Focus on “where the puck is going, not where it is” – this is the strategy Wayne Gretzky used during is legendary hockey career, and you should take the same approach when structuring your mortgage.

There is more to a great mortgage than just a low rate

How you structure your mortgage is EVERYTHING.

It will be the determining factor in whether you eventually own your home, or if your mortgage forever owns you … get it wrong and you’ll be locked in a prison of debt.

Most loan officers are only trained to sell a product for a profit, they think transactionally, and don’t have the experience or knowledge to prepare a strategy that sets you up for long term success with your finances.


Your mortgage interest rate obviously plays an important part, but it is not the only factor you need to consider, which leads us to Jon’s “LAW OF RECUPERATION”.
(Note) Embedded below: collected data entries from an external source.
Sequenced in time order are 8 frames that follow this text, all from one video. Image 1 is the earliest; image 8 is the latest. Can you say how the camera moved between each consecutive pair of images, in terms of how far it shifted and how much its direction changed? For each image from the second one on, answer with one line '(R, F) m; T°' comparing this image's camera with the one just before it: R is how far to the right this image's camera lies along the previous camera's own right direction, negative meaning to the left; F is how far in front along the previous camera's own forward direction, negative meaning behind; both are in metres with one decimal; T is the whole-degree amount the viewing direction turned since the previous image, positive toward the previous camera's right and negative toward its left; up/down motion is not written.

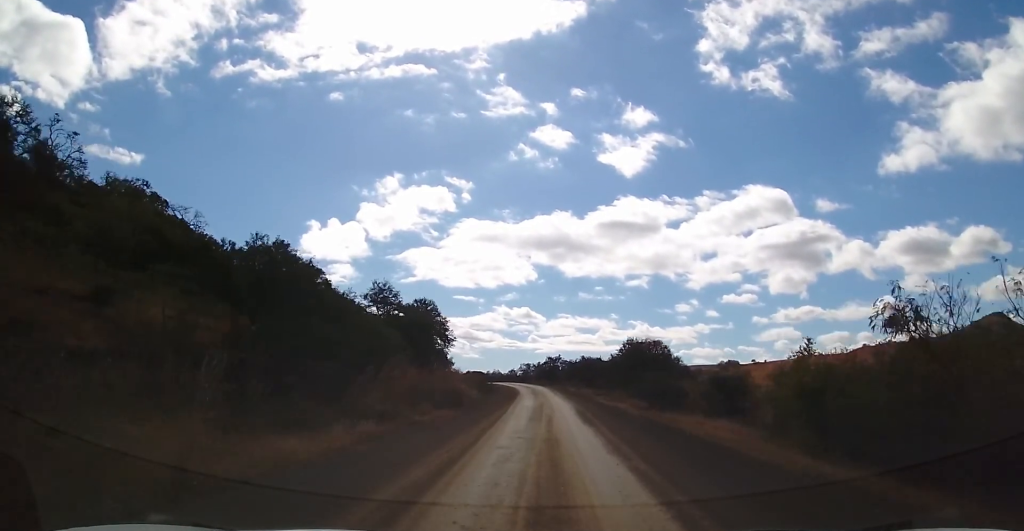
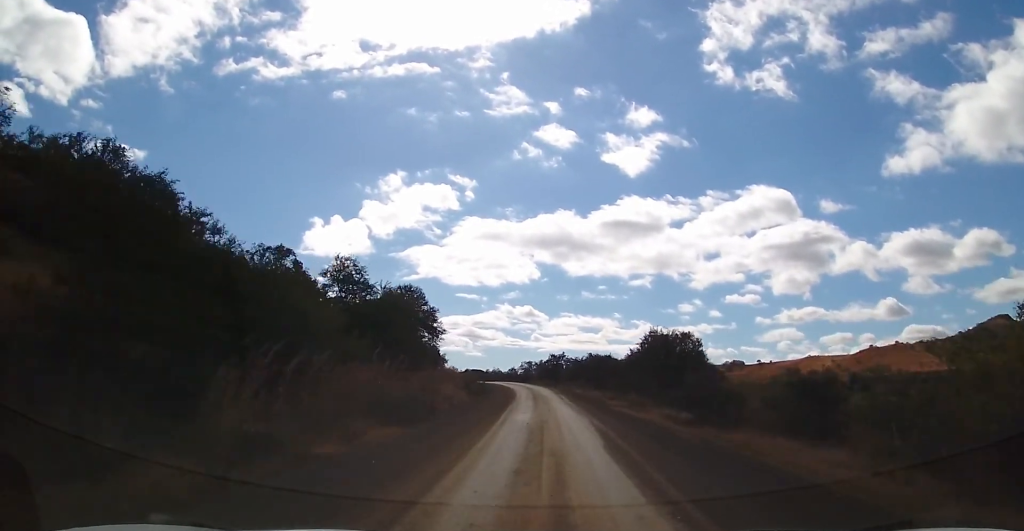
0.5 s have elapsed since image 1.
(+0.3, +9.1) m; 0°
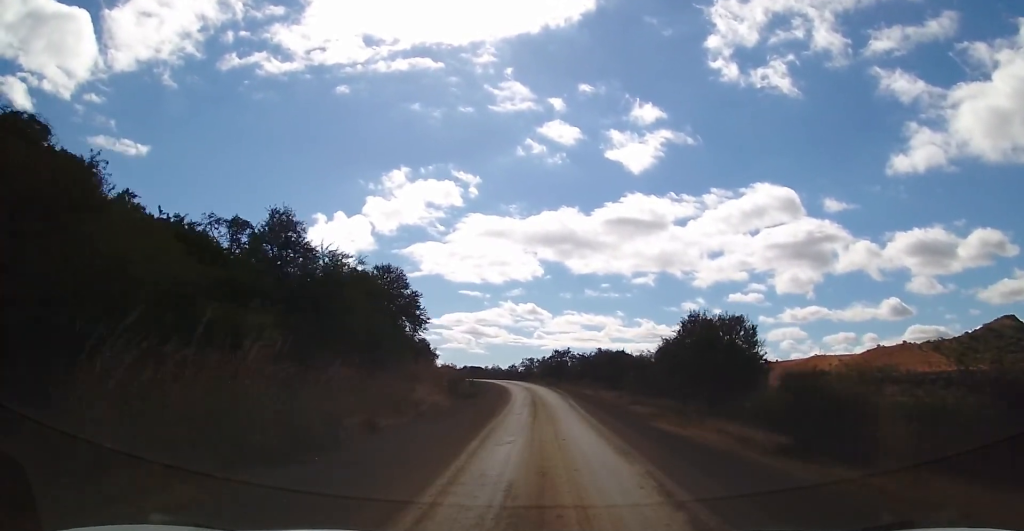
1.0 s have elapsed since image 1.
(0.0, +9.7) m; 0°
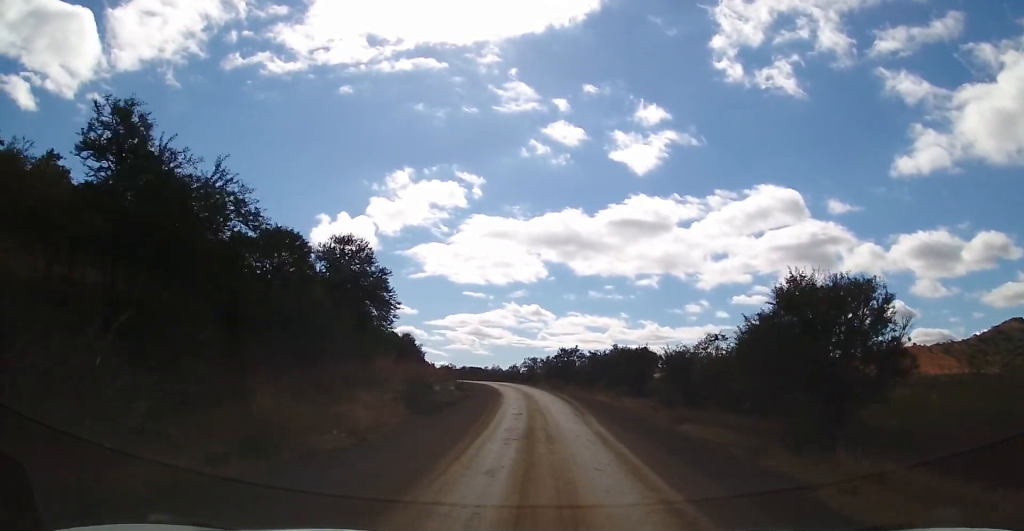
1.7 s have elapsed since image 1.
(-0.2, +11.5) m; -1°
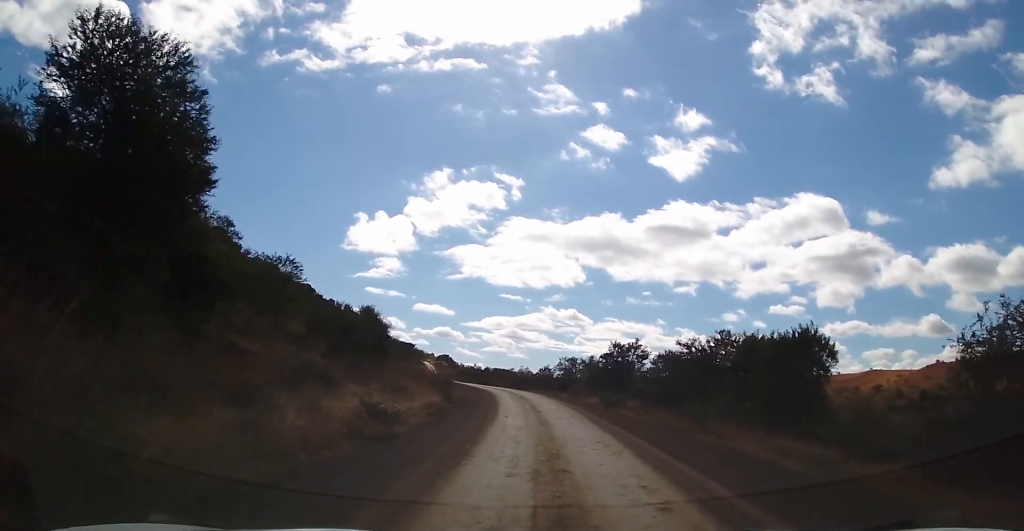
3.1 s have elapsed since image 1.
(-0.4, +26.4) m; -2°
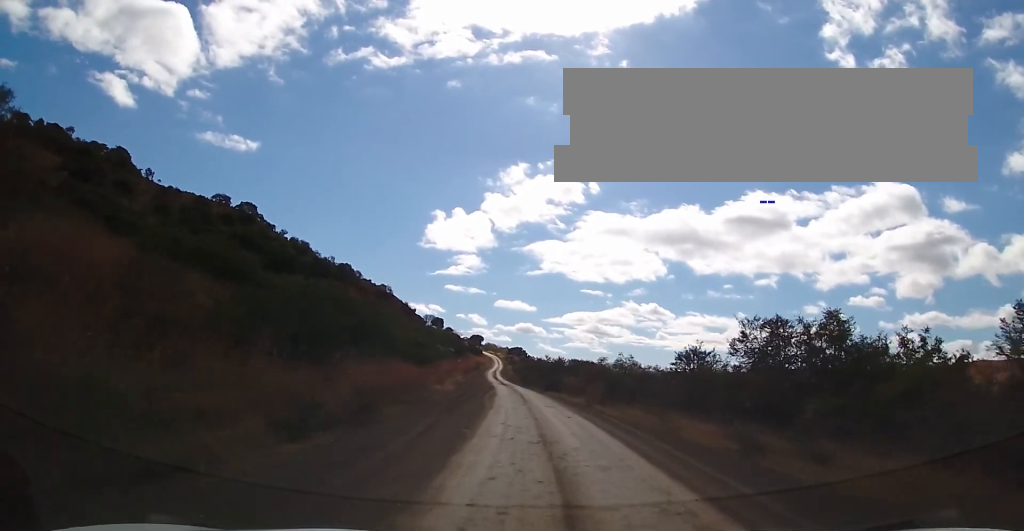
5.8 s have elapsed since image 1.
(-4.0, +50.1) m; -10°
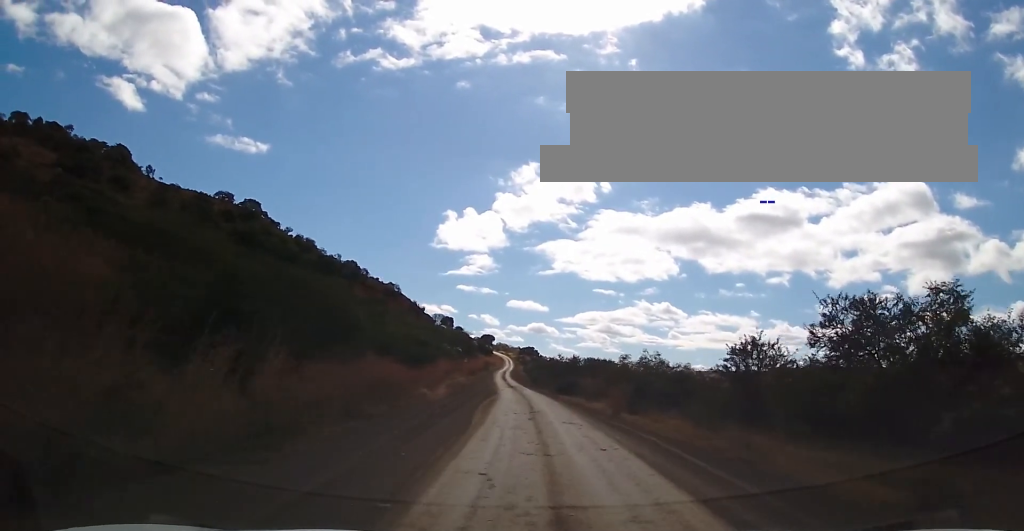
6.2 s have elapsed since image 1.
(+0.1, +7.8) m; -1°
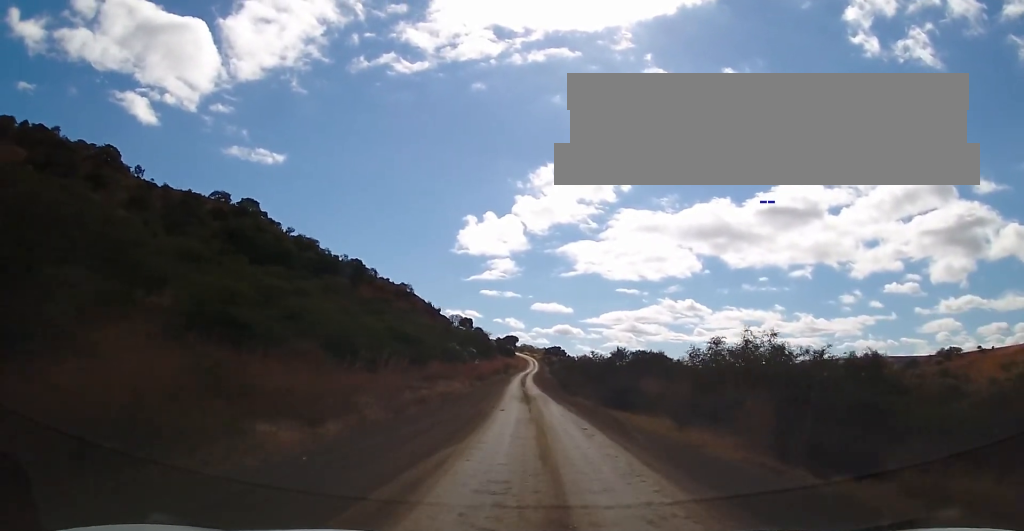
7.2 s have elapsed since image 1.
(-0.5, +20.9) m; -2°

Regardless of whether or not you decide to work with me directly, I want you to have this SIMPLE FORMULA so you can analyze your options independently.

This way you make a clear judgment on your own about the best loan option for YOU, instead of the one that’s good for “them”.

The typical mortgage loan is in existence for less than 5 years, and the majority never make it passed 3 years. Even if the loan has a 30 year term, property owners are either refinancing or selling within just a few years.

If you consider the last decade when at certain times mortgage rates were declining quickly, such as 2011 – 2013, 2015 – 2016, and now 2019, it’s not unusual for a mortgage to only last 6 months before it would get paid-off via a refinance.

If you pay closing costs on your loan, and you end up refinancing or selling the home before you “fully recuperate the costs” you paid on that loan, then REGARDLESS of how low the interest rate that loan will have only cost you money and will have NEVER saved you a penny.

Closing costs are the ultimate “X Factor”.

If you get a credit card offer in the mail there isn’t a cost to activate that card and start spending. In this situation, since there are no upfront fees or “closing costs” the lower rate would be your best credit card option.

However, mortgage loans have “closing costs” – third party fees such as appraisal, title insurance, origination, escrow, etc. and these costs completely change how you should approach your mortgage.

The approach and the formula is actually quite simple.

I will show you how it works with some very general examples, none of which even require us to know the interest rate.

What really matters when deciding on a loan is SAVINGS and COSTS, which is all we need to calculate RECUPERATION.

Let’s consider two loans:
LOAN 1 – has a payment of $1,000 per month, and “zero” closing costs.
LOAN 2 – has a payment of $800 per month, but closing costs of $10,000.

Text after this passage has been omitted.